Monday 11 November 2013

Goal setting

Seeing as the new season is pretty much well upon us, this attempt at technical advice is a little late. But better late than never as they say!

When looking to improve over a season, over the course of consecutive games, and beyond, if looking to reach your pinnacle from a young age, setting yourself targets is a simple but incredibly effective way to go about it. Like anything, breaking it down into managable chunks will allow you to focus on the immediate and deal with changing the present first; not trying to do too much and spreading yourself thin, but instead realistically going about personal improvement. Brick by brick until you reach a stage where you are further along the development scale than you were before. And just as it is important to work hard on the pitch and at the training ground, it is also important to work in training out of that sphere, by yourself, to improve; get fitter or stronger mentally or better at reading plays etc. etc.

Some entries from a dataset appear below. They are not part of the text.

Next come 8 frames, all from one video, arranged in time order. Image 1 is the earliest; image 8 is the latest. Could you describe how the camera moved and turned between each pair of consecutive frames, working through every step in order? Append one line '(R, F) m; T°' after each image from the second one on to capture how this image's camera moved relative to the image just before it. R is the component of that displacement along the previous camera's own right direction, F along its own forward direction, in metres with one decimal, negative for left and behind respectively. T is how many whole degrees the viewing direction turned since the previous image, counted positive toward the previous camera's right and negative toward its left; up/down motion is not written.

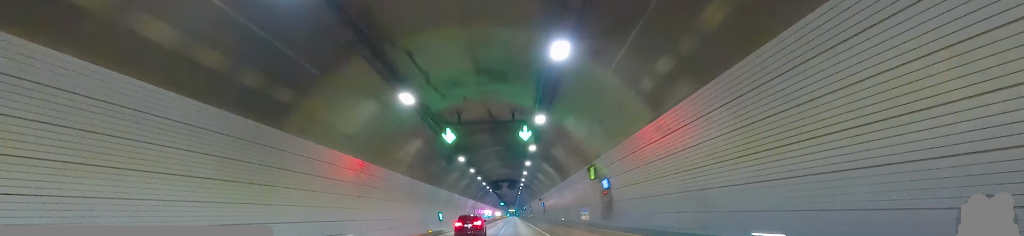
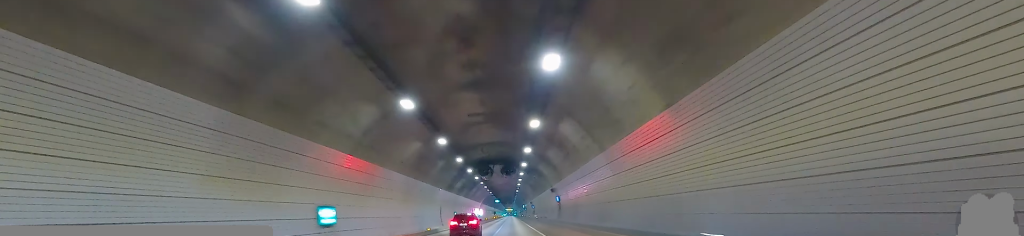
(0.0, +28.8) m; -1°
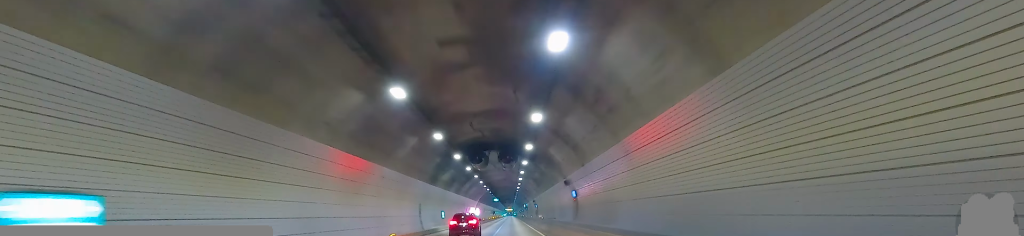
(-0.3, +11.8) m; -1°
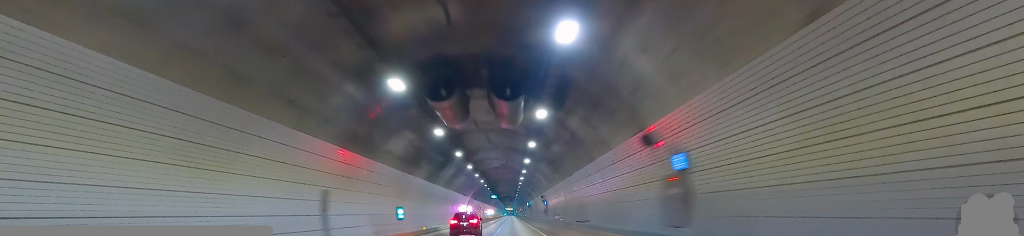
(-0.3, +20.7) m; -2°
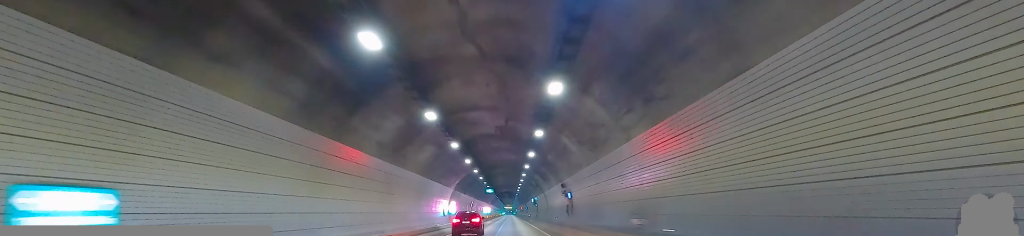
(-0.5, +24.0) m; -1°
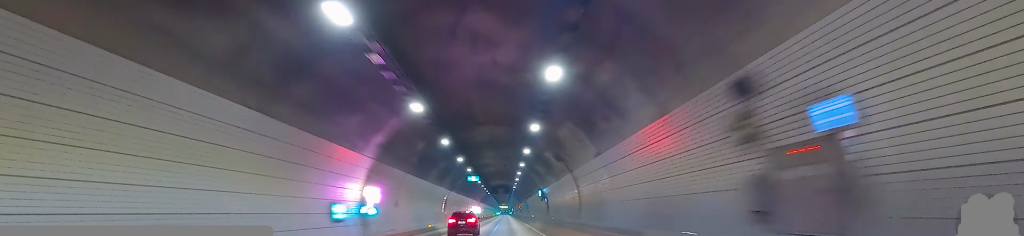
(+0.6, +31.8) m; +2°
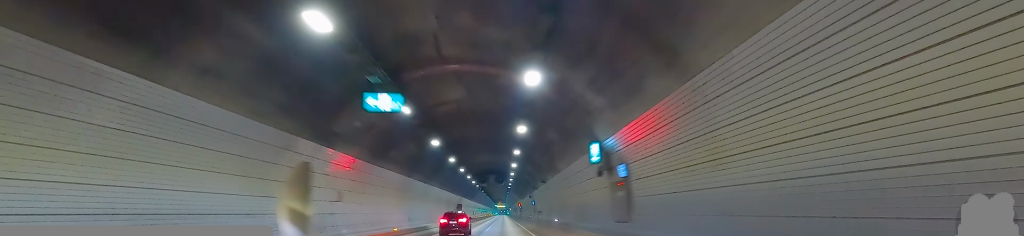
(-0.2, +39.7) m; -1°
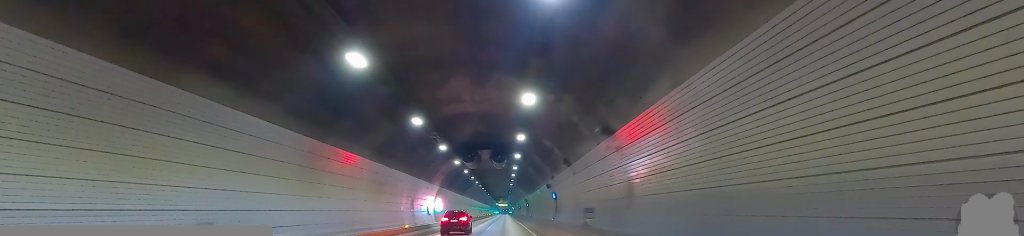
(+0.3, +27.6) m; 0°

But it sounds easy in theory, so how do you about it?

The following are ideas that you can work into your own training regime and inspire other ways of improving through targets set over the short and then long, term: 

  • Lower your goals against average. Your target could be to reduce the amount of goals you have conceded so far. Say from three to one. This takes more focus on stopping each and every shot as it happens though and the intense concentration, rather than drifting off and then conceding.
  • Achieve a set number of saves at training or in games (keeping tally).
  • Quicken your speed of sprinting out: timing yourself doing sprints with a ladder if unable to work out a guestimate
  • Improve on an aspect you find is a weakness
  • Work on rebound control so that you can put the saved shot away to safety to reduce scoring chances
  • Make sure you don't allow any 'soft' goals
  • Improve on a statistic of stopping a percentage of saves versus goals allowed per game, which can be calculated after the game using the American goals against average system.

The aim is to build up over the season, review and then keep building. With target setting, you want to analyse key areas that need improvement ("if it's break don't fix it"). You can start out with stamina, or explosivity for fitness, and then saving with the right hand for instance for save making. Start out small and work upwards and onwards, so that you have enough to focus on over the season, rather than running out of ideas or over working and over stretching yourself.